In the nearer term, these GDPR mandates could shape best practices for UX and AI model design. Today, GDPR-compliant companies offer users the binary choice of allowing full, effectively unrestricted use of their data or no access at all. In the future, product designers may want to build more granular data access permissions.

For example, before choosing to delete Facebook altogether, a user can refuse companies access to specific sets of information, such as their network of friends or their location data. AI engineers anticipating the need to trace the effect of specific data on a model may choose to build a series of simple models optimizing on single dimensions, instead of one monolithic and very complex model. This approach may have performance trade-offs, but would make model management more tractable.

Building trust for more data tomorrow

The new regulations require companies to protect PII with a level of security previously limited to patient health and consumer finance data. Nearly half of all companies recently surveyed by Experian about GDPR are adopting technology to detect and report data breaches as soon as they occur. As companies adopt more sophisticated data infrastructure, they will be able to determine who has and should have access to each data stream and manage permissions accordingly. Moreover, the company may also choose to build tools that immediately notify users if their information was accessed by an unauthorized party; Facebook offers a similar service to its employees, called a “Sauron alert.”

Although the restrictions may appear to reduce tech companies’ ability to access data in the short-term, 61 percent of companies see additional benefits of GDPR-readiness beyond penalty avoidance, according to a recent Deloitte report. Taking these precautions to earn customer trust may eventually lower the cost of acquiring high-quality, highly dimensional data.

In this post-GDPR future, companies no longer have to infer intent from expensive schemes to sneakily capture customer information.
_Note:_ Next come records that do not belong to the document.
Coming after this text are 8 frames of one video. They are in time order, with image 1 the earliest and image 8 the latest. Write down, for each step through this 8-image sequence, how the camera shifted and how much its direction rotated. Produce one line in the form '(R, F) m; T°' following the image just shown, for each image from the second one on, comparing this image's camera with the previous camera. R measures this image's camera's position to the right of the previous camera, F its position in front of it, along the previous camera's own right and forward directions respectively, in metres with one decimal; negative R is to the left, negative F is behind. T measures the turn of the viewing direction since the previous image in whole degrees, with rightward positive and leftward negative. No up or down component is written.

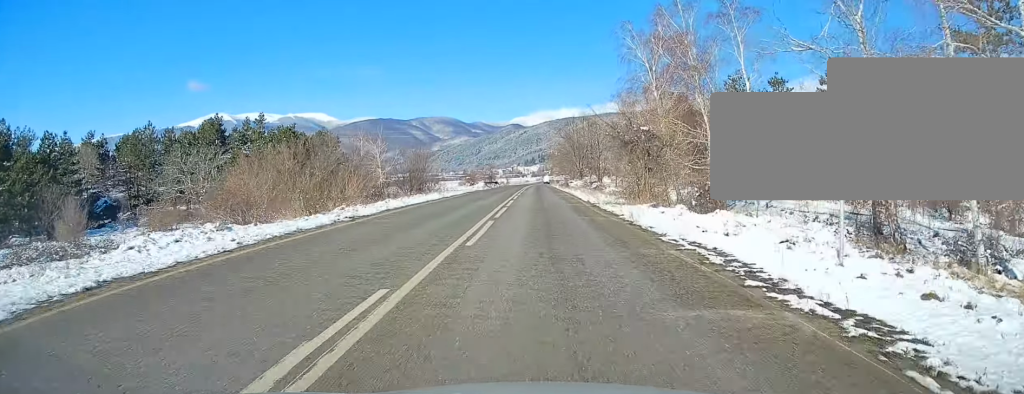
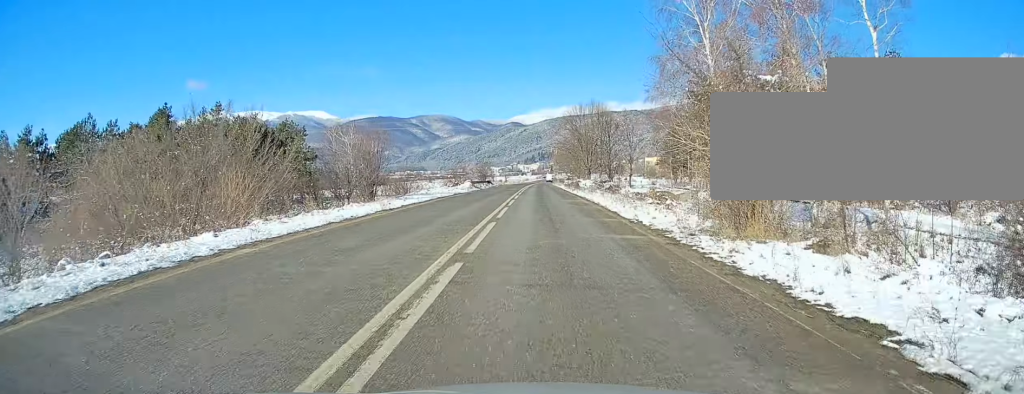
(0.0, +16.4) m; 0°
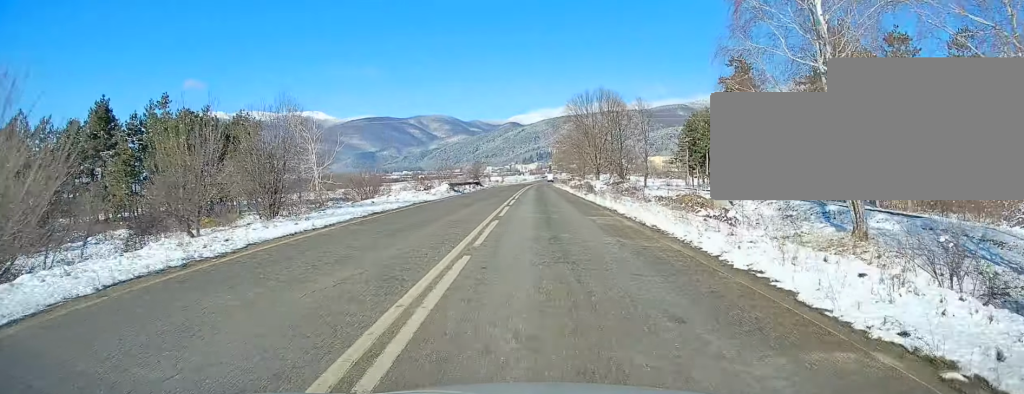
(0.0, +14.9) m; 0°
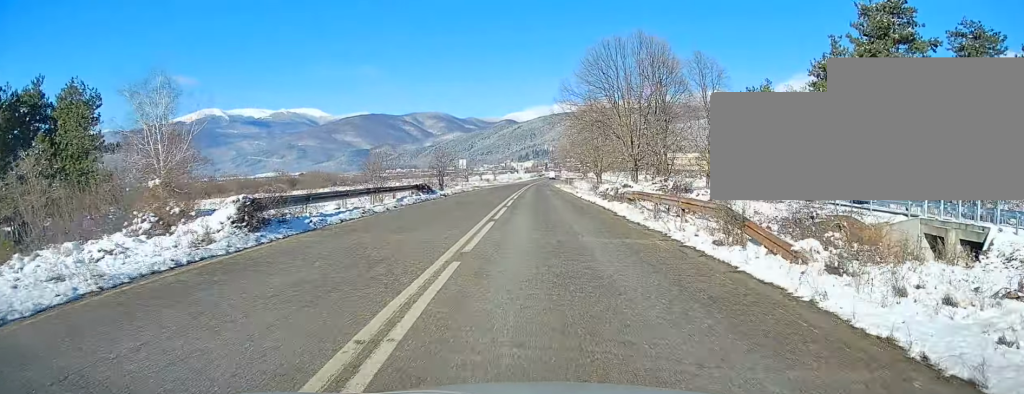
(+0.1, +32.0) m; 0°
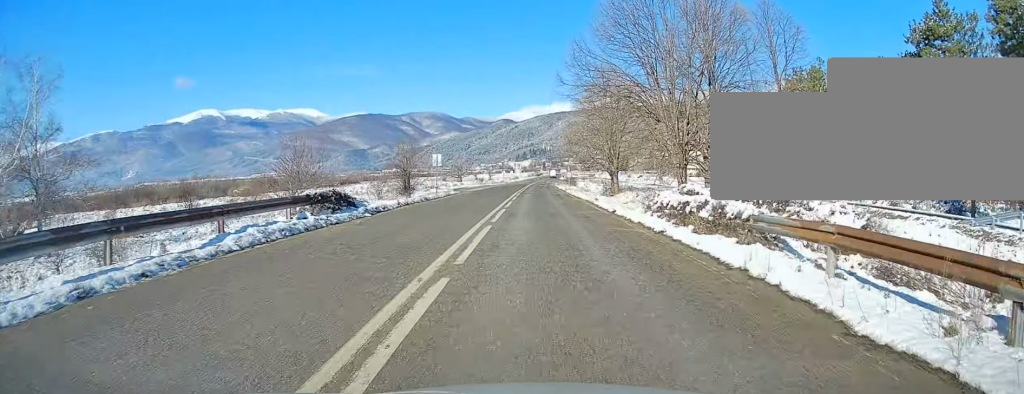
(0.0, +16.3) m; 0°
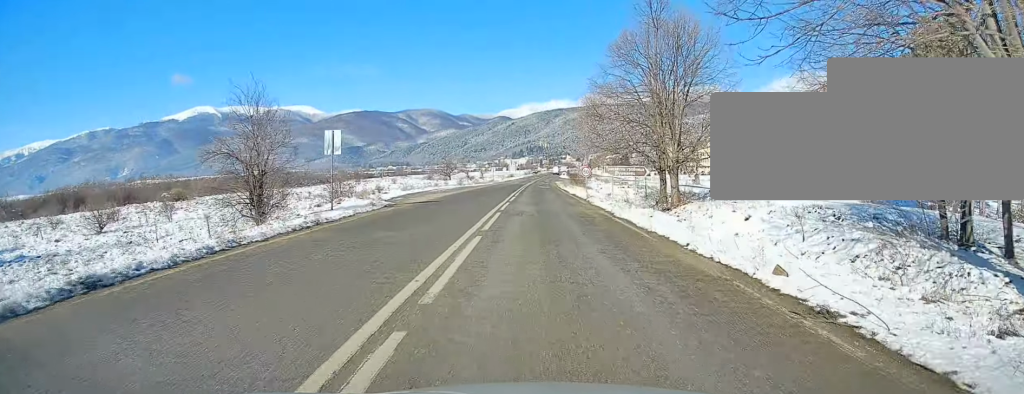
(+0.1, +25.5) m; 0°
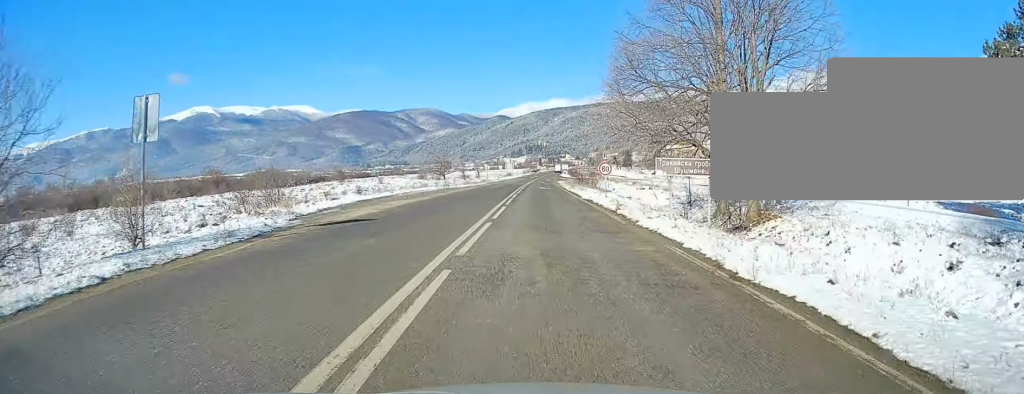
(0.0, +12.3) m; 0°
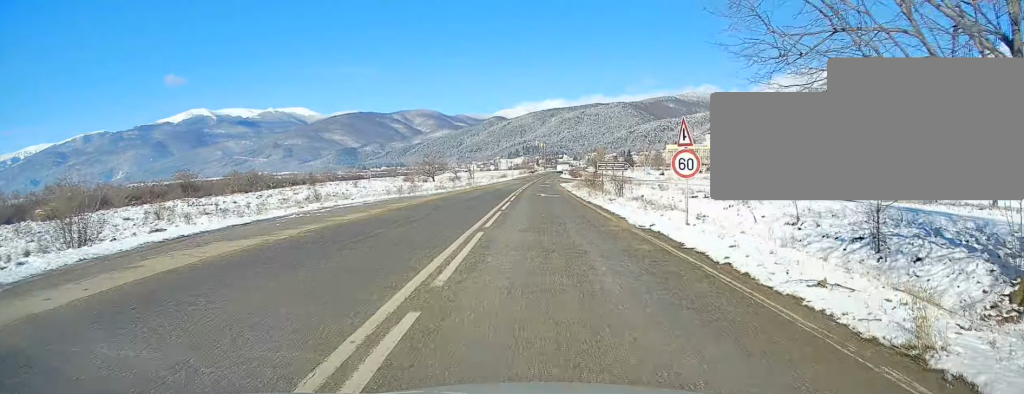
(0.0, +17.7) m; 0°

Improved data infrastructure will have enabled early AI applications to demonstrate their value, encouraging more customers to voluntarily share even more information about themselves to trustworthy companies.

Unproven upside alone has always been insufficient to motivate cross-functional modernization, but the threat of a multi-billion-dollar penalty may finally spur these companies to action. More importantly, GDPR is but the first of much more data privacy regulation to come, and many countries across the world look to it as a model for their own upcoming policies. As companies worldwide lay the groundwork for compliance and transparency, they’re also paving the way to an even more vibrant AI future to come.